The Delta Queen Calliope
The history of the Delta Queen Calliope
produced by Travis C. Vasconcelos for use as research material on the website www.steamboats.org
The Builder of the Delta Queen Calliope: Thomas J. Nichol
Thomas J. Nichol began his calliope career by developing an idea as to how the whistles of the calliope could be built easier, more efficiently, and save money in the process. Mr. Nichol was the bookkeeper for a Mr. Kirkup of the Van Duzen Bell Works in Cincinnati, OH. (Who it is recorded, built a few calliopes himself in the 1880s’)
Mr. Nichol improved on the idea of calliope whistle construction by employing rolled sheet copper as the basis for his whistles. He also cast his base and cap in brass, for easy and quick construction. The Thomas J. Nichol instruments were famous for the tonal quality of the thinner metal. Sweeter-toned, they were called.
Nichol advertised his calliope business from a warehouse at Pearl and Vine Streets in Cincinnati, OH. where he built standard 18, 21, 24, 28 and later 32-note instruments. Most common requests for new instruments were of the 28-note variety. The largest instrument Nichol ever built was a one-off 37-note job. This instrument did not survive to today.
Mr. Homer Denney playing the Thomas J. Nichol built steam calliope of the Str. ISLAND QUEEN (2) 1946 at Cincinnati, OH. Photo from Authors personal collection.

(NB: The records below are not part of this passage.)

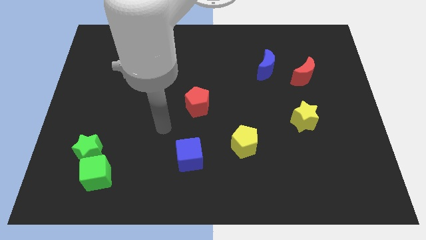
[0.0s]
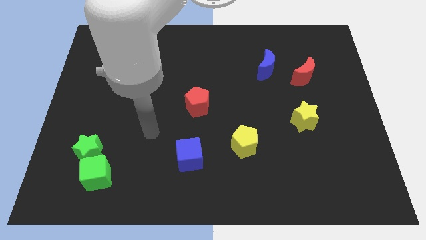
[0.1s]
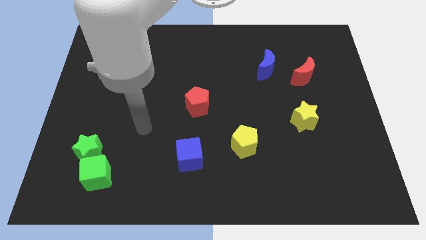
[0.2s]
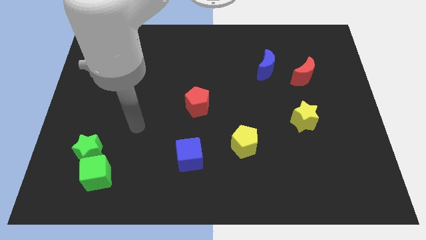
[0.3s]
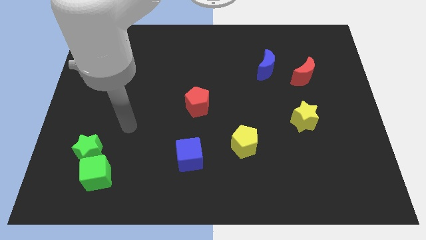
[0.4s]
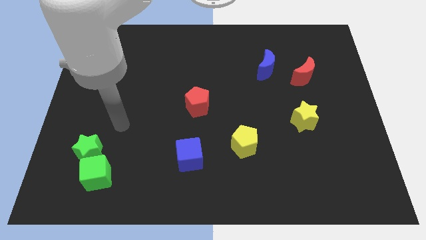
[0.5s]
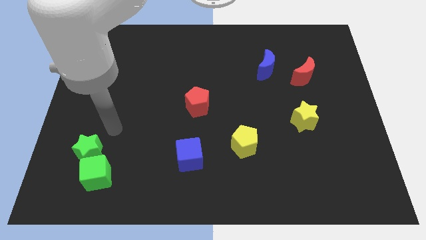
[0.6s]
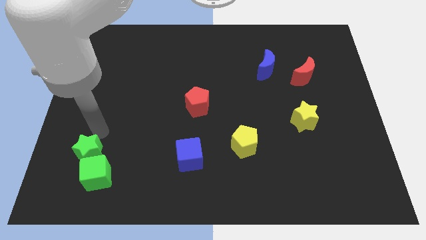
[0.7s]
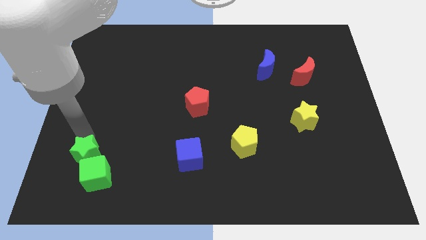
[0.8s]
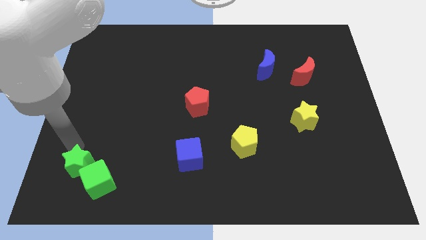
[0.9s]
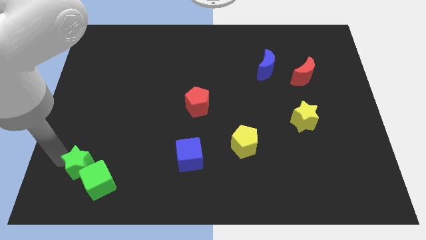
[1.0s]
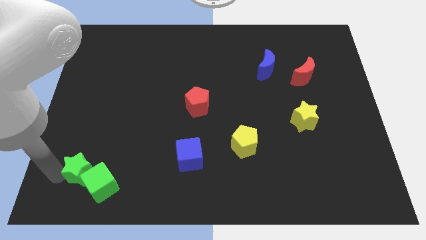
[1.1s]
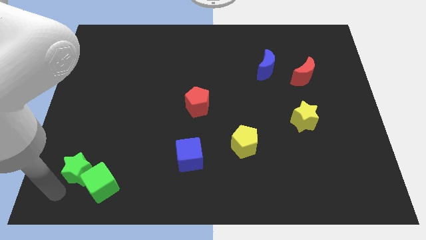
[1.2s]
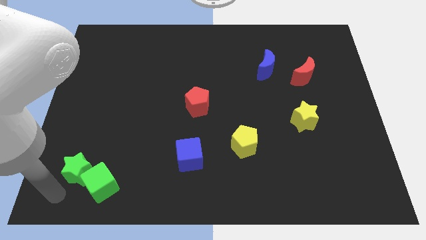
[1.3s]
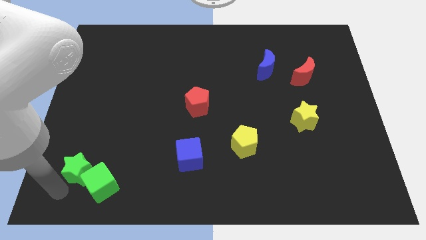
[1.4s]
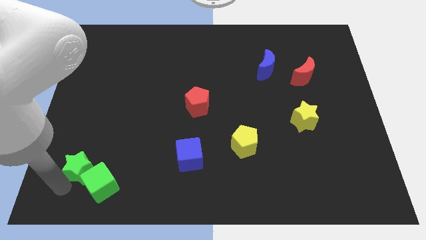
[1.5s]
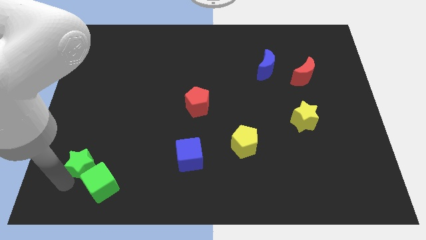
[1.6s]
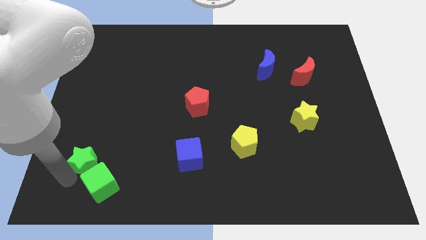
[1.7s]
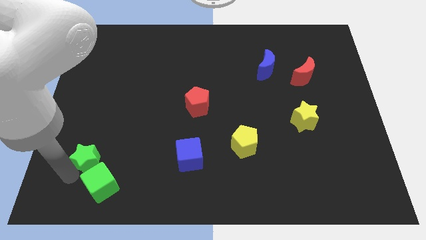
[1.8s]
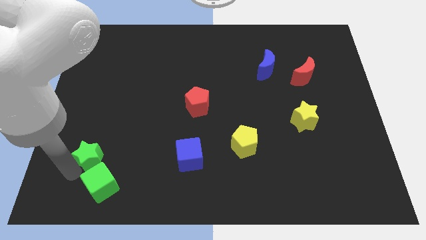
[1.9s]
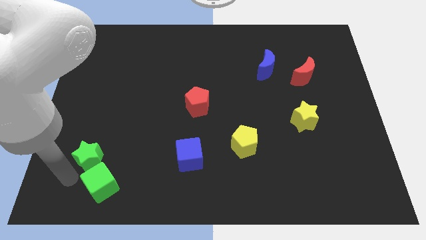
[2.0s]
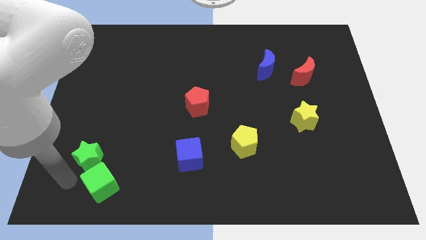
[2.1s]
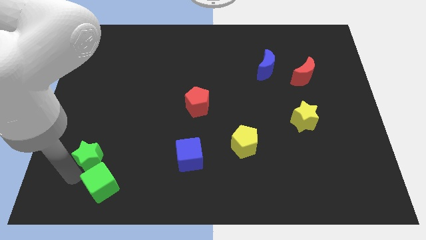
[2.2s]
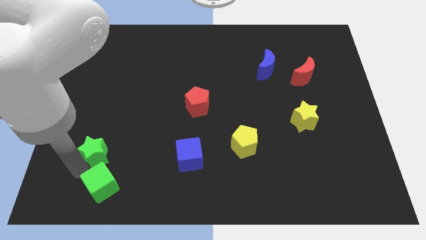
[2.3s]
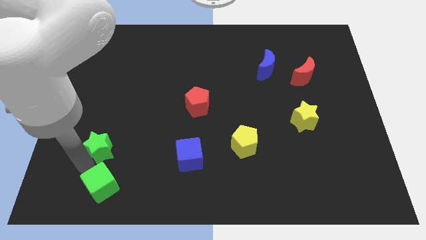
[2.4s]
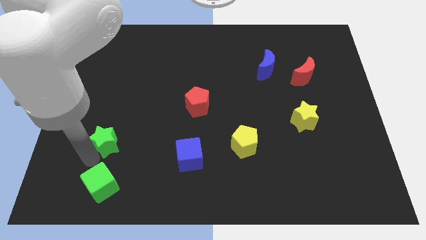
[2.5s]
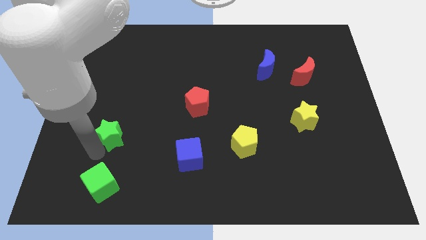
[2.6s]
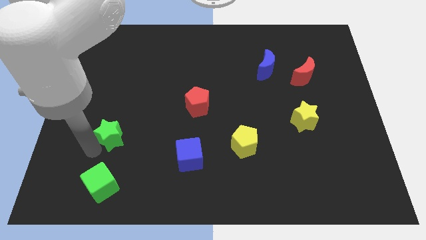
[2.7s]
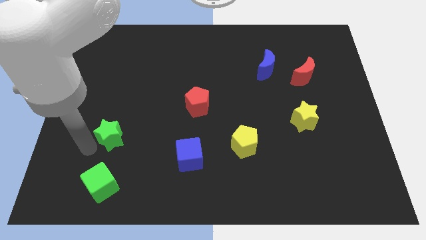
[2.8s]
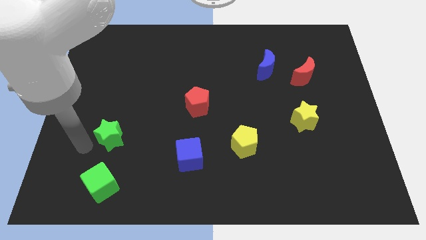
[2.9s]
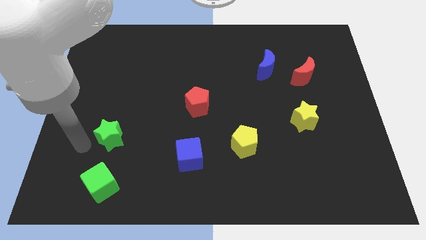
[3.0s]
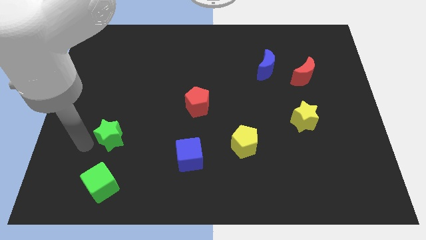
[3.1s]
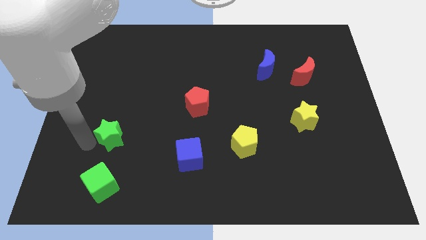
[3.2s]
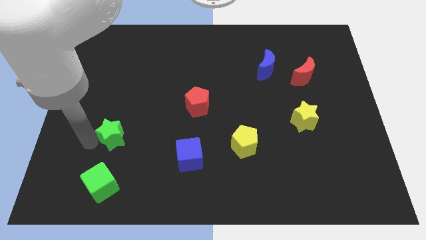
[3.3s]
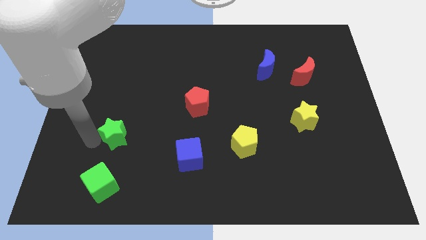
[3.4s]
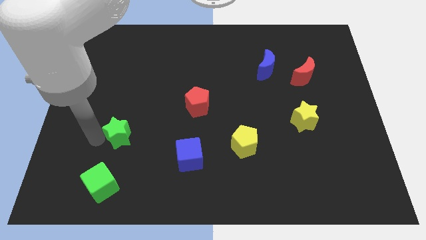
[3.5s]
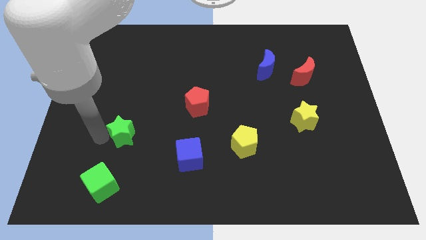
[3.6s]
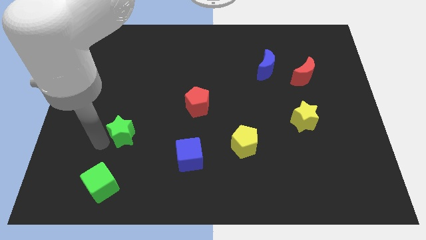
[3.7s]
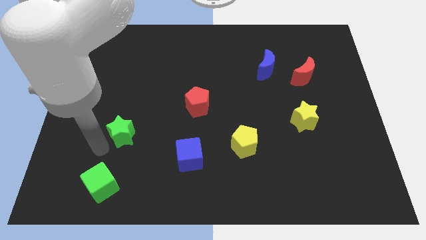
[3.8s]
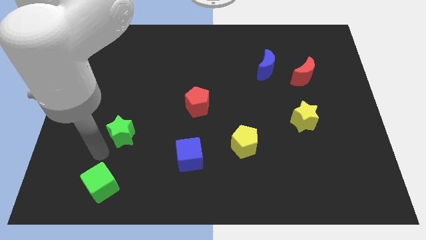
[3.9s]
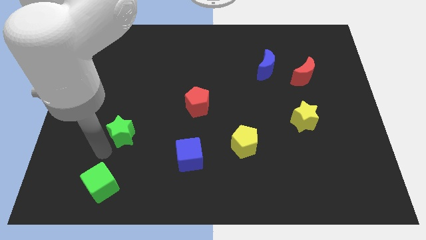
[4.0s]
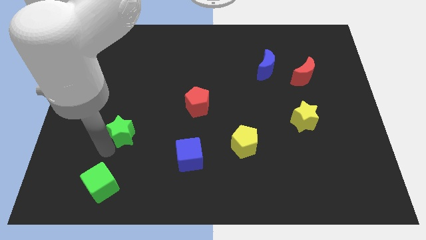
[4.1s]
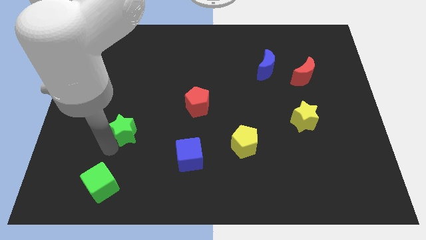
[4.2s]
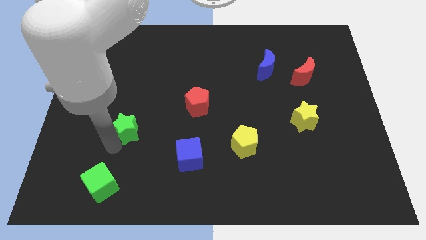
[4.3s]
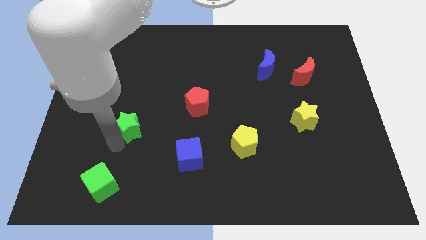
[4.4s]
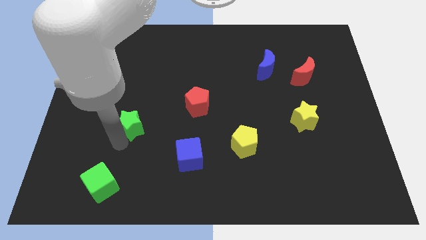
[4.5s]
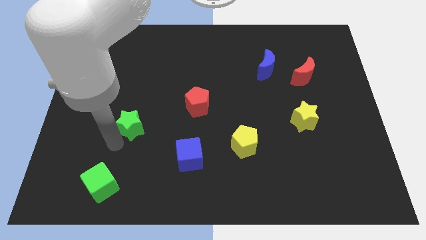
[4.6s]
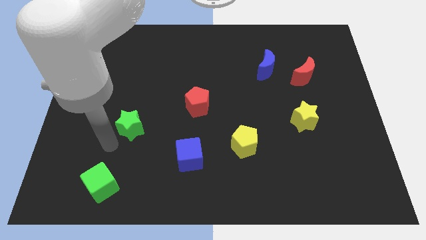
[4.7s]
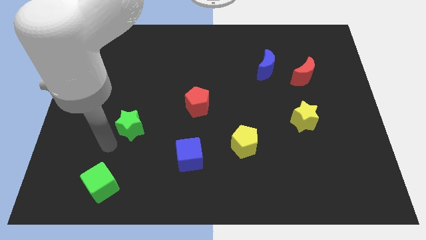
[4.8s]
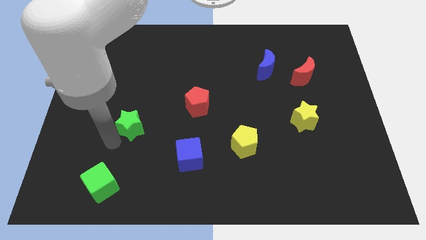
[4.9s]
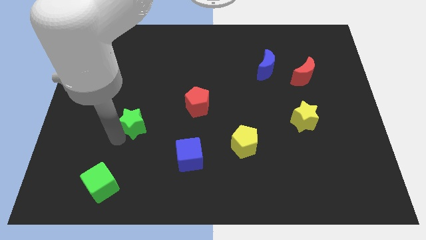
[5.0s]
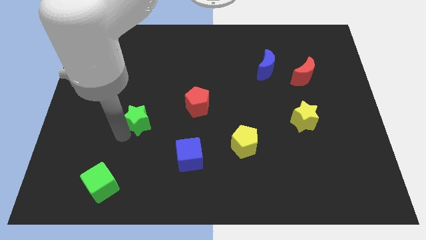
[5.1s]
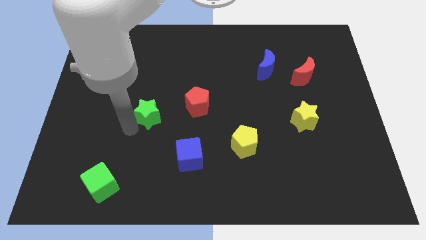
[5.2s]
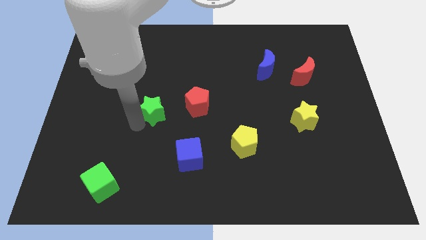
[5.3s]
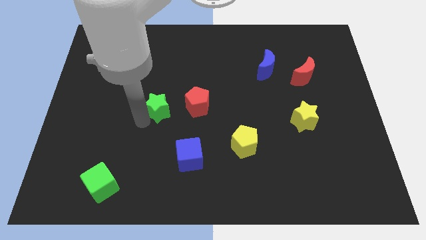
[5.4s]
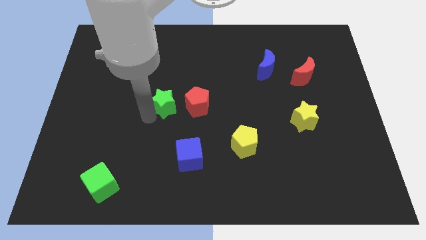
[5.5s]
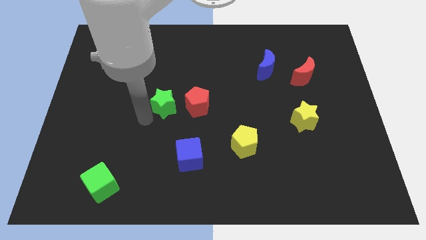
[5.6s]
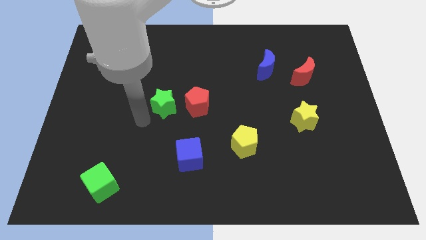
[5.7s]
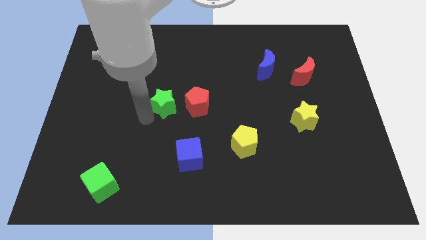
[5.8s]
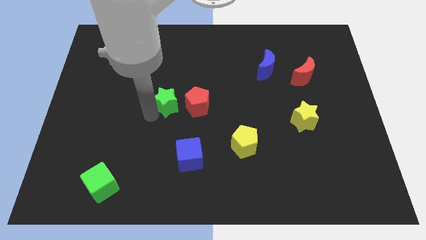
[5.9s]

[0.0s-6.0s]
move the green star upwards and right

Of the employees Nichol utilized Mr. Homer Denney of the Coney Island Company was the most noteworthy. Mr. Denney was Calliopist on the Str. ISLAND QUEEN (I and II), and an accomplished musician and musical author. Mr. Denney was employed as the tuner of all new steam calliopes built after 1914 at the Nichol facility. Nichol built over 90 of the 150 or so instruments ever built. After Mr. Nichol’s death in 1924, his sons took over the business. They moved the company to Grand Rapids MI. in 1937. They later renamed the company General Fittings and Devices Co and became a plumbing supply house. Though only entering the business in the last half of the heyday of the calliope, the Thomas J. Nichol instruments are the finest quality, best sounding instruments out there. Of the 12 or so functional originals left all of them (with the exception of one) are Thomas J. Nichol originals.
The family sold the patterns and moulds to a Mr. J. M. Van Splunter who continued building steam calliopes and refitting existing instruments until the early 1960’s for many clients both river and circus related. He did not have patterns for the smallest whistles and many of his refitting jobs were on smaller (21-28 note) instruments to make a full 32 note instrument out of them. When measured, it becomes apparent if he refitted one based on this singular observation.
Mr. Harry Stocksdale performs on the Thomas J. Nichol steam calliope of the Str. AMERICA at Louisville, KY circa 1928. Photo from Authors personal collection.